L' ESSENCE DE LA MARCHE : KIN-HIN
Dans le dojo sont enseignées les quatre attitudes fondamentales du corps: comment se tenir debout, comment marcher, comment s'asseoir, comment s'allonger. Ce sont les postures originelles. Celles que nous prenons habituellement, les attitudes auxquelles nous nous laissons aller, ne sont dans la plupart des cas que des postures brisées.
La posture debout, et en marche, est très importante. On la désigne par KIN-HIN. Maurice Béjart a reconnu en elle l'origine des pas et des postures de danse enseignés dans le ballet classique européen.
La posture est la suivante :
On se tient debout, la colonne vertébrale bien droite, le menton rentré, la nuque tendue, le regard posé à trois mètres devant soi, c'est-à-dire à peu près à la hauteur de la taille de la personne qui précède lorsqu'on est en file indienne. Le pouce gauche est serré dans le poing gauche, lequel est posé par la tranche sur le plexus solaire. La main droite enveloppe le poing gauche et les deux mains sont fortement serrées ensemble et appuyées contre le sternum pendant l'expiration. Les coudes sont écartés, et les avant-bras tenus à l'horizontale; les épaules relâchées et rejetées en arrière. Au début de l'expiration, on avance avec la jambe droite d'un demi pied, et l'on appuie énergiquement sur le sol avec la plante du pied précisément avec la racine du gros orteil, comme si l'on voulait imprimer une trace dans le sol. Il y a une profonde correspondance entre cette extrémité du pied et le cerveau. Il est bon de ressentir le contact avec la terre.

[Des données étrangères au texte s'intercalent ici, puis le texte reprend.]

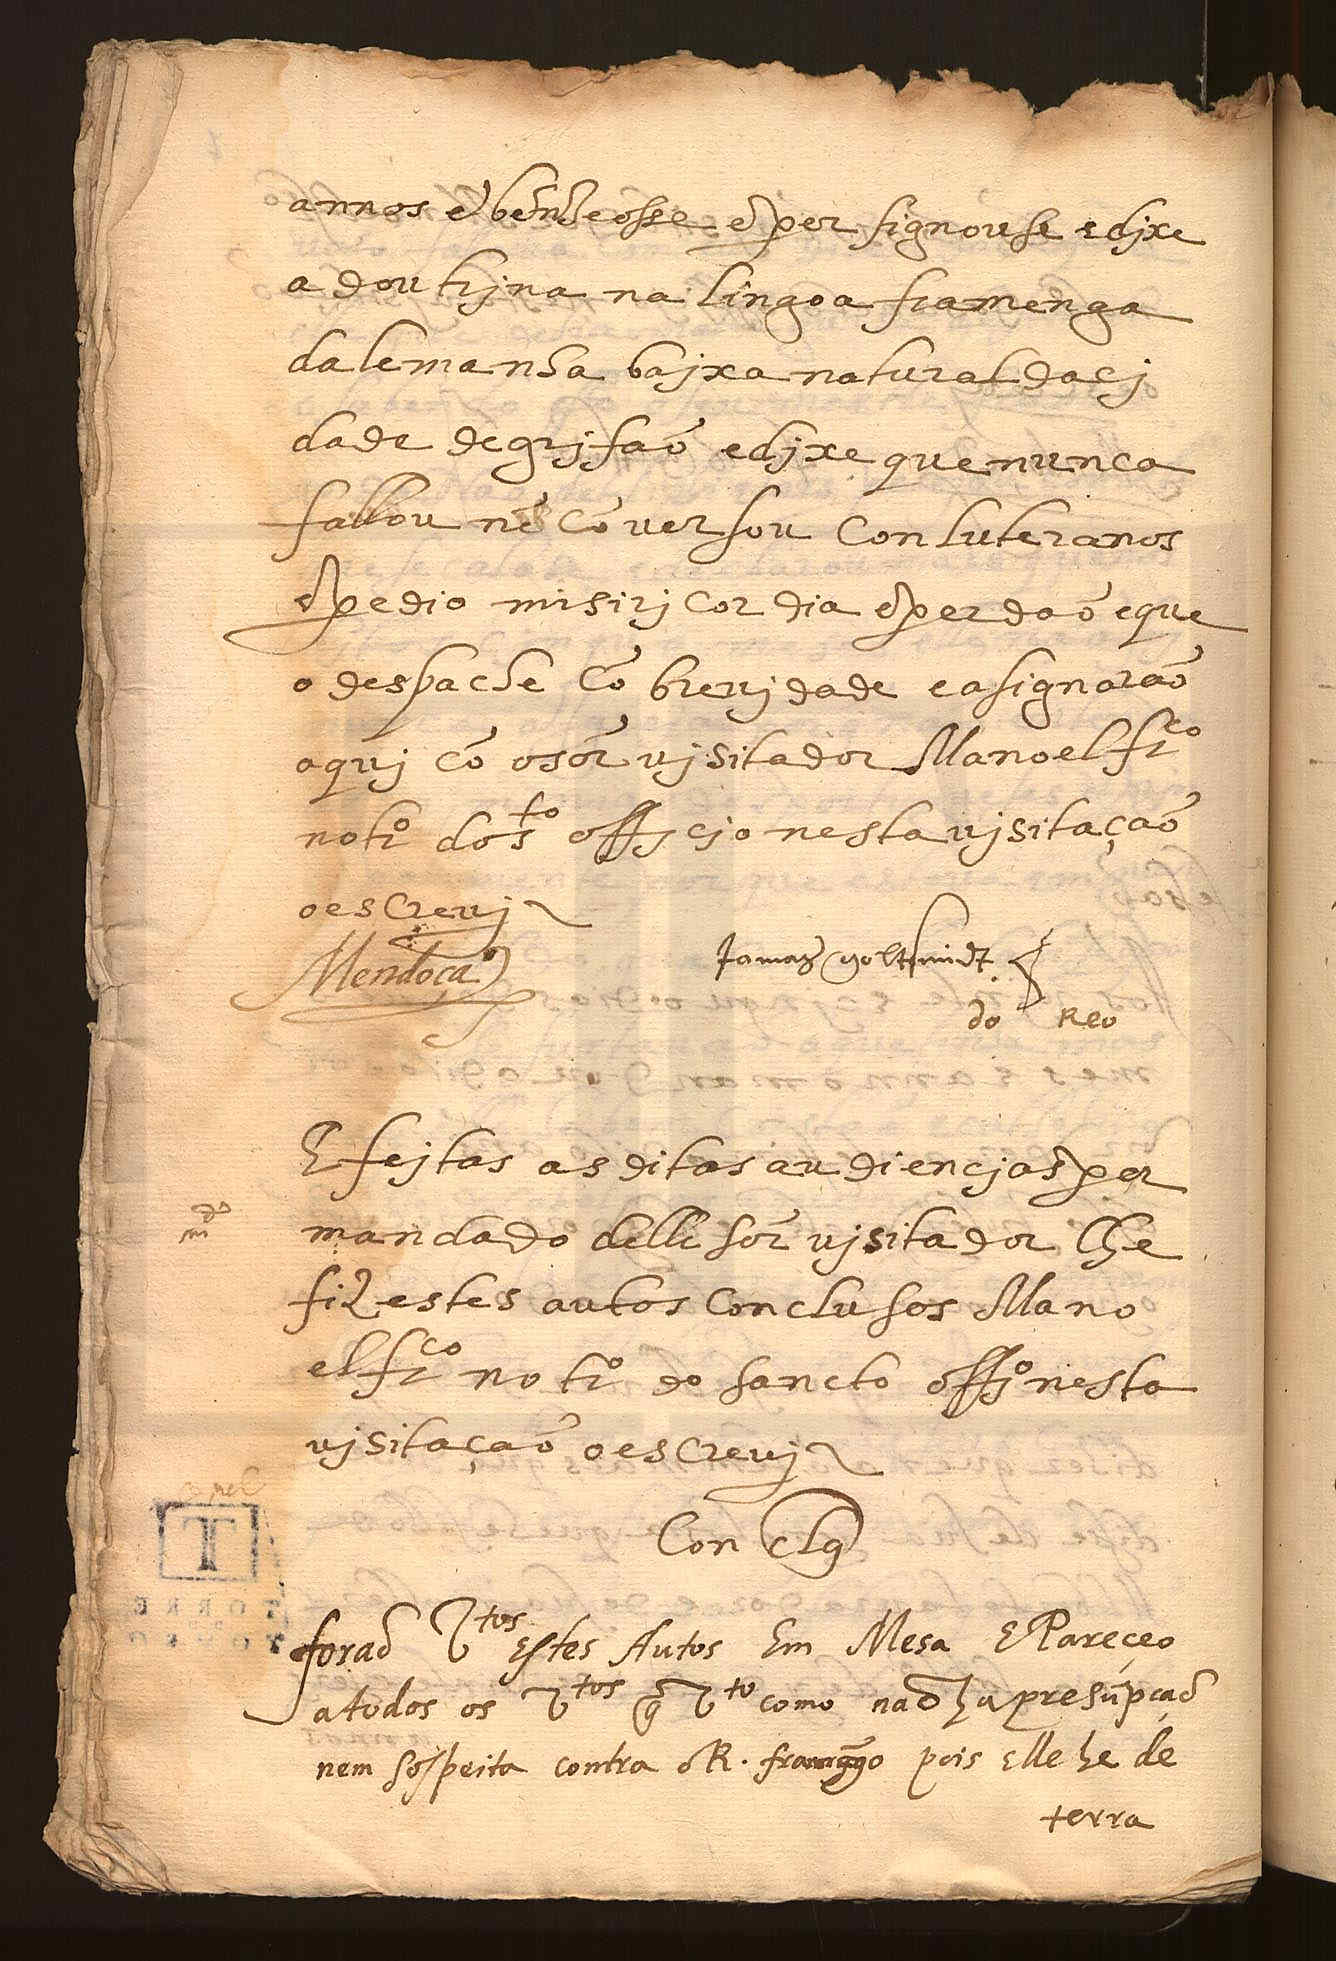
annos e benzeosse e persignouse E dixe
a doutrjna na lingoa framenga
dalemanha bajxa natural da cj
dade de grifaõ e djxe que nunca
fallou nē cōuersou con Luteranos
e pedio misirjcordia e perdaõ e que
o despache cō breujdade e asignarão
aquj cō o sor̄ ujsitador Manoel frco
notro do sto offjcjo nesta ujsitaçaõ
o escreuj
tomaz goltsmidt
Mendoça
do Reo
E fejtas as ditas audiencjas por
mandado delle sor̄ ujsitador lhe
fiz estes autos conclusos Mano
el frco notro do sancto offjo nesta
ujsitaçaõ o escreuj
Conc̄lꝯ
foraõ Vtos Estes Autos Em Mesa E Pareceo
a todos os Vtos q̄ Vto como naõ ha presūpçaõ
nem sospeita contra o R. framēgo pois Elle he de
terra

Le genou étant bien tendu, la jambe est alors en tension ainsi que tout le côté droit depuis le sommet de la tête jusqu'au bout du pied. L'autre jambe, l'autre côté restent souples, détendus. En même temps, l'expiration par le nez est profonde, lente, aussi longue que possible, mais sans forcer et sans bruit. Quand elle arrive à la fin, on marque un temps d'arrêt, on relâche tout le corps et l'inspiration se fait d'elle-même, automatiquement, librement. Au début de l'expiration suivante, on change de jambe, et tout le processus recommence en prenant appui sur le pied gauche, la jambe droite restant souple. C'est une marche rythmée, comme celle d'un canard, faisant alterner tension et détente, temps forts et temps faibles. Les maîtres Zen disent qu'il s'agit d'avancer comme le tigre dans la forêt ou le dragon dans la mer. L'appui du pied est sûr et silencieux, comme le pas d'un voleur !

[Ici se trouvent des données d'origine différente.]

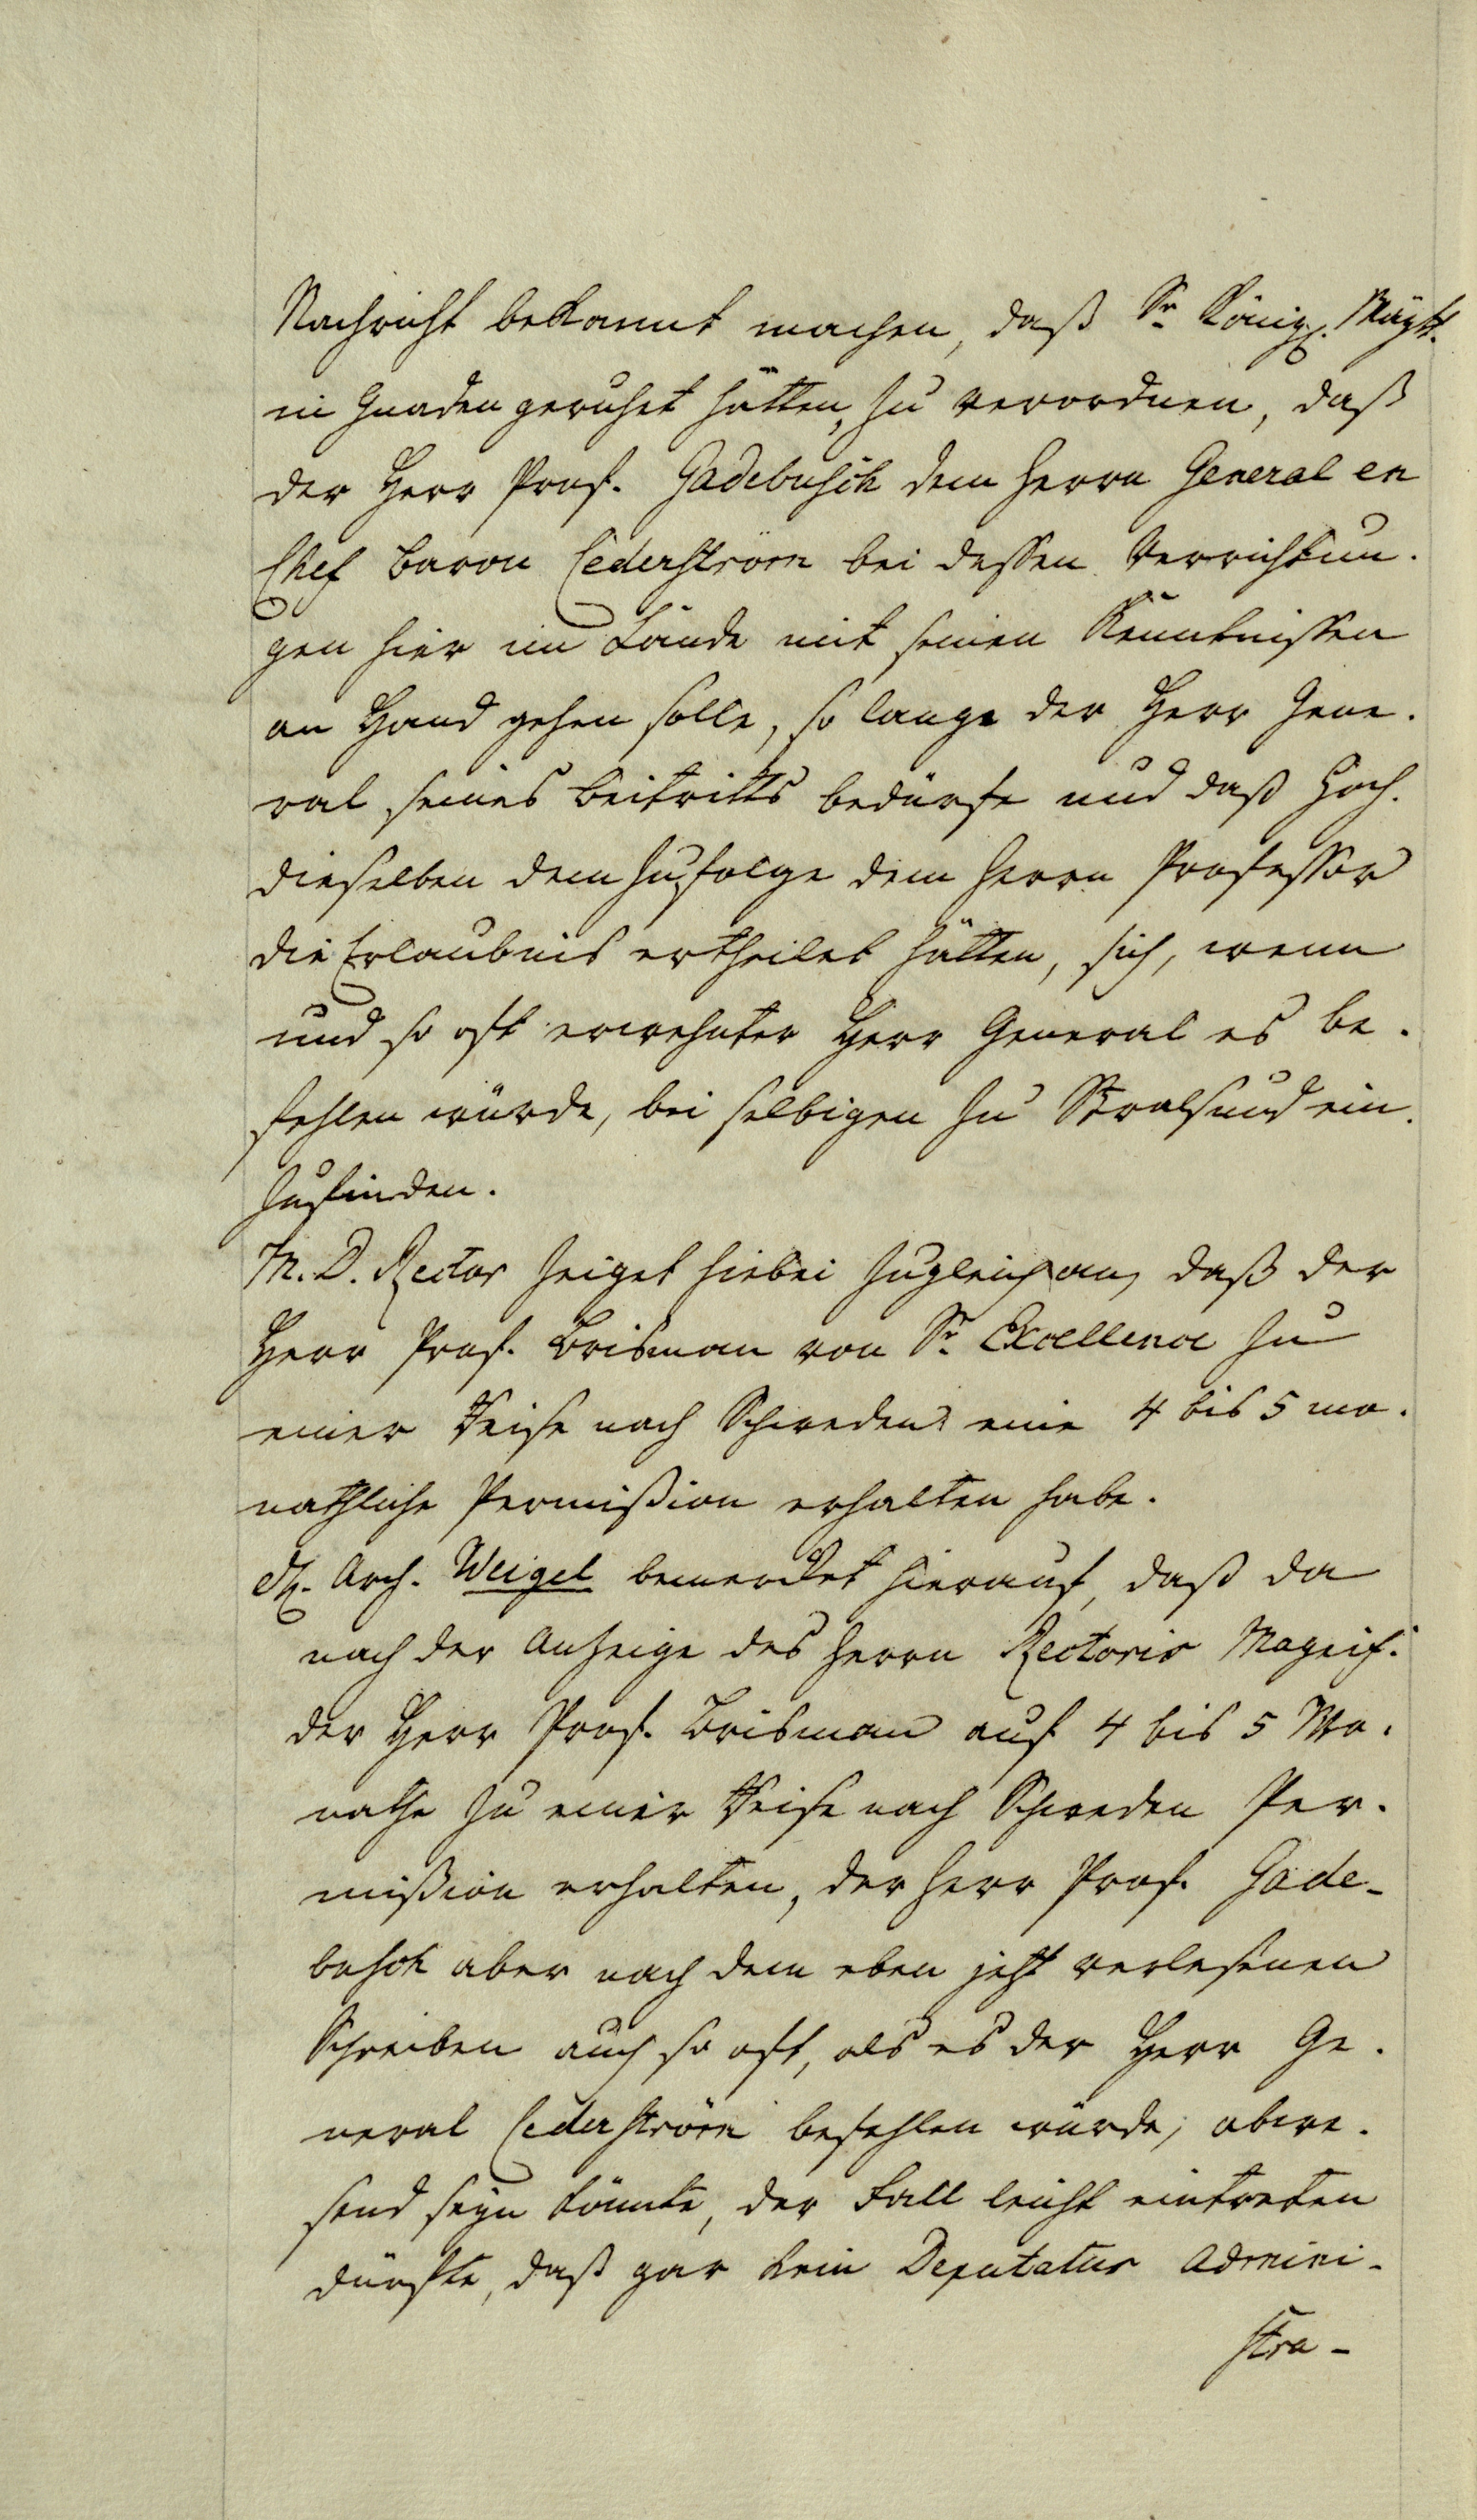Nachricht bekannt machen, daß Sr Königl. Maÿtt.
in Gnaden geruhet hätten, zu verordnen, daß
der Herr Prof. Gadebusch dem Herrn General en
Chef Baron Cederström bei dessen Verrichtun¬
gen hier im Lande mit seinen Kenntnissen
an Hand gehen solle, so lange der Herr Gene¬
ral seines Beitritts bedürfe und daß Hoch¬
dieselben dem zufolge dem Herrn Professor
die Erlaubnis ertheilet hätten, sich, wenn
und so oft erwehnten Herr General es be¬
fehlen würde, bei selbigen zu Stralsund ein¬
zufinden.
M. D. Rector zeiget hiebei zugleich an, daß der
Herr Prof. Brisman von Sr Excellence zu
einer Reise nach Schweden eine 4 bis 5 mo
nathliche Permißion erhalten habe.
dh. Prof. Weigel bemercket hierauf, daß da
nach der Anzeige des Herrn Rectoris Magnif.
der Herr Prof. Brisman auf 4 bis 5 Mo¬
nathe zu einer Reise nach Schweden Per¬
mißion erhalten, der Herr Prof. Gade¬
busch aber nach dem eben jetzt verlesenen
Schreiben auch so oft, als es der Herr Ge¬
neral Cederström befehlen würde, abwe¬
send seÿn könnte, der Fall leicht eintreten
dürfte, daß gar kein Deputatus Admini¬
stra¬

Pendant cette marche, on ne doit pas regarder le visage des autres personnes. Le regard est tourné vers l'intérieur comme si l'on était seul avec soi-même. Comme pendant le za-zen, on laisse passer les pensées. La marche en kin-hin repose de l'assise en za-zen. Au long d'une journée de sesshin, on fait alterner l'une et l'autre. Le corps et l'esprit retrouvent leur unité, ainsi qu'une résistance et un dynamisme remarquables.
Kin-hin est, comme za-zen, une méthode de profonde concentration. L'énergie, poussée par l'expiration, est rassemblée dans le bas-ventre où elle est vraiment active. Entraînement à la stabilité de l'énergie: les arts martiaux du Japon sont fondés sur cette tenue des jambes et sur la concentration de l'énergie dans le hara (Centre de gravité du corps, situé à quelques centimètres en dessous du nombril (en fait, trois largeurs de vos doigts). Cette posture est enseignée dans la pratique du judo, du karaté, de l'aïkido, du tir à l'arc.
De nos jours, on tend à oublier cette influence de l'attitude spirituelle dans la pratique des arts martiaux. On recherche la force par la seule technique. Do, dans judo, aïkido, signifie Voie. Les arts martiaux ne sont ni une technique de compétition ni un sport de combat, mais une méthode en vue d'atteindre la maîtrise de soi, le contrôle de l'énergie dans l'abandon de l'ego et la l'univers. Entraînement de la flèche, la flèche part à l'instant est prêt, dépouillé de soi.